- Other names: MonoMAC/DCML, monocytopenia and mycobacterium avium complex/dendritic cell, monocyte, B and NK lymphocyte deficiency
- Specialty: Medical genetics

= MonoMAC =

MonoMAC or MonoMAC syndrome is a rare autosomal dominant syndrome associated with: monocytopenia, B and NK cell lymphopenia; mycobacterial, viral, fungal, and bacterial opportunistic infections; and virus infection-induced cancers. The disorder often progresses to the development of myelodysplasia, myeloid leukemias, and other types of cancer. MonoMAC is a life-threatening and precancerous disorder.

Inactivating mutations in one of the two parental GATA2 genes is responsible for the many diverse presentations of a genetic disorder that groups these presentations together into a single disease termed GATA2 deficiency. These autosomal dominant mutations are known or presumed to cause a reduction, i.e. a haploinsufficiency, in the cellular levels of the gene's product, GATA2. The GATA2 protein is a transcription factor critical for the embryonic development, maintenance, and functionality of blood-forming, lympathic-forming, and other tissue-forming stem cells. In consequence of these mutations, cellular levels of GATA2 are deficient and individuals develop over time hematological, immunological, lymphatic, and/or other disorders that may begin as apparently benign abnormalities but commonly progress to severe organ (e.g. lung) failure, enhanced susceptibility to opportunistic infections, virus infection-induced cancers, the myelodysplastic syndrome, and/or various types of leukemia. MonoMAC is a presentation of GATA2 deficiency that involves primarily signs and symptoms of immune deficiency that cause an extremely high susceptibility to infections and infection-induced benign and malignant tumors. In addition to this, however, MonoMAC-afflicted individuals often show one or more signs and symptoms of other GATA2 presentations.

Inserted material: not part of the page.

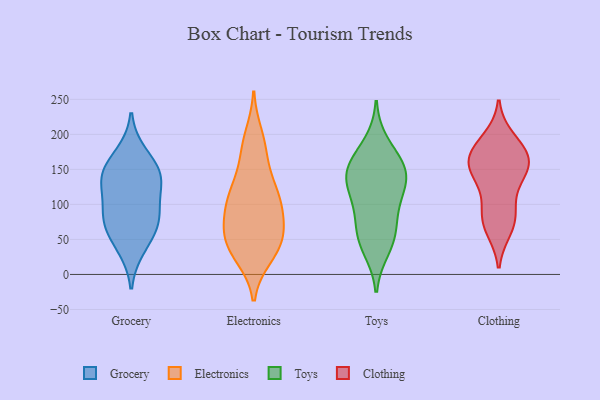
{"axis": {"x": "Churn Rate (%)", "y": "Value"}, "legend": ["Clothing", "Electronics", "Grocery", "Toys"], "data": [{"x": "", "y": 138, "type": "Grocery"}, {"x": "", "y": 128, "type": "Grocery"}, {"x": "", "y": 77, "type": "Grocery"}, {"x": "", "y": 85, "type": "Grocery"}, {"x": "", "y": 140, "type": "Grocery"}, {"x": "", "y": 172, "type": "Grocery"}, {"x": "", "y": 60, "type": "Grocery"}, {"x": "", "y": 89, "type": "Grocery"}, {"x": "", "y": 147, "type": "Grocery"}, {"x": "", "y": 38, "type": "Grocery"}, {"x": "", "y": 181, "type": "Electronics"}, {"x": "", "y": 35, "type": "Electronics"}, {"x": "", "y": 174, "type": "Electronics"}, {"x": "", "y": 99, "type": "Electronics"}, {"x": "", "y": 86, "type": "Electronics"}, {"x": "", "y": 109, "type": "Electronics"}, {"x": "", "y": 198, "type": "Electronics"}, {"x": "", "y": 53, "type": "Electronics"}, {"x": "", "y": 107, "type": "Electronics"}, {"x": "", "y": 72, "type": "Electronics"}, {"x": "", "y": 49, "type": "Electronics"}, {"x": "", "y": 28, "type": "Electronics"}, {"x": "", "y": 133, "type": "Electronics"}, {"x": "", "y": 58, "type": "Electronics"}, {"x": "", "y": 131, "type": "Electronics"}, {"x": "", "y": 104, "type": "Electronics"}, {"x": "", "y": 53, "type": "Electronics"}, {"x": "", "y": 26, "type": "Electronics"}, {"x": "", "y": 135, "type": "Toys"}, {"x": "", "y": 160, "type": "Toys"}, {"x": "", "y": 68, "type": "Toys"}, {"x": "", "y": 63, "type": "Toys"}, {"x": "", "y": 36, "type": "Toys"}, {"x": "", "y": 104, "type": "Toys"}, {"x": "", "y": 187, "type": "Toys"}, {"x": "", "y": 151, "type": "Toys"}, {"x": "", "y": 103, "type": "Toys"}, {"x": "", "y": 155, "type": "Toys"}, {"x": "", "y": 129, "type": "Toys"}, {"x": "", "y": 47, "type": "Toys"}, {"x": "", "y": 140, "type": "Toys"}, {"x": "", "y": 65, "type": "Clothing"}, {"x": "", "y": 147, "type": "Clothing"}, {"x": "", "y": 174, "type": "Clothing"}, {"x": "", "y": 182, "type": "Clothing"}, {"x": "", "y": 163, "type": "Clothing"}, {"x": "", "y": 88, "type": "Clothing"}, {"x": "", "y": 160, "type": "Clothing"}, {"x": "", "y": 88, "type": "Clothing"}, {"x": "", "y": 162, "type": "Clothing"}, {"x": "", "y": 144, "type": "Clothing"}, {"x": "", "y": 130, "type": "Clothing"}, {"x": "", "y": 72, "type": "Clothing"}, {"x": "", "y": 193, "type": "Clothing"}]}

MonoMAC was first described by Vihn and colleagues in 2010 as an autosomal dominant familial disease. One year later, Dickinson and colleagues discovered that the MonoMAC disorder in four individuals was associated with any one of four different mutations in the GATA2 gene. Subsequent studies identified numerous other GATA2 gene mutations that are associated with the development of MonoMAC, showed that these mutations inactivated or were considered likely to inactivate one of two parental GATA2 genes, and found that essentially all individuals with MonoMAC had one of the mutations known or considered to inactivate GATA2.

==Signs and symptoms==
This syndrome is characterized by an increased susceptibility to disseminated nontuberculous mycobacterial infections, viral infections, especially with human papillomaviruses, and fungal infections, primarily histoplasmosis, and molds. There is profound monocytopenia, B lymphocytopenia and NK lymphocytopenia. Patients have an increased chance of developing malignancies, including: myelodysplasia/leukemia vulvar carcinoma, metastatic melanoma, cervical carcinoma, Bowen disease of the vulva, and multiple Epstein–Barr virus(+) leiomyosarcoma. Patients may also develop pulmonary alveolar proteinosis without mutations in the granulocyte-macrophage colony-stimulating factor receptor or anti-granulocyte-macrophage colony-stimulating factor autoantibodies. Last, patients may develop autoimmune phenomena, including lupus like syndromes, primary biliary cirrhosis or aggressive multiple sclerosis.

Of the 26, now 28, patients probably afflicted by this syndrome, 48% died of causes ranging from cancer to myelodysplasia with a mean age at death of 34.7 years and median age of 36.5 years.

Clinical features and complications of the syndrome
| Clinical feature | Overall (%) | Autosomal dominant patients (%) | Sporadic patients (%) |
Infection
| Mycobacteria | 78 | 86 | 73 |
| HPV | 78 | 86 | 73 |
| Fungi | 28 | 43 | 18 |
Complication
| PAP | 33 | 29 | 36 |
| Panniculitis/erythema nodosum | 33 | 29 | 36 |
| Myelodiysplasia/acute myeloid leukemia | 50 | 71 | 36 |
| Death | 28 | 43 | 18 |

==Genetics==
12 distinct mutations in the GATA2 gene have been identified. They include missense mutations affecting the zinc finger-2 domain and insertion/deletion mutations leading to frameshifts and premature termination.

==Diagnosis==
Identification of associated mutations in the GATA2 gene is diagnostic. GATA2 sequencing is offered by the Molecular Diagnostics Laboratory at Hospital Sainte-Justine (CHUSJ), Mayo Clinic and LabCorp/Invitae.

==Treatment==
Bone marrow transplants are currently the only treatment.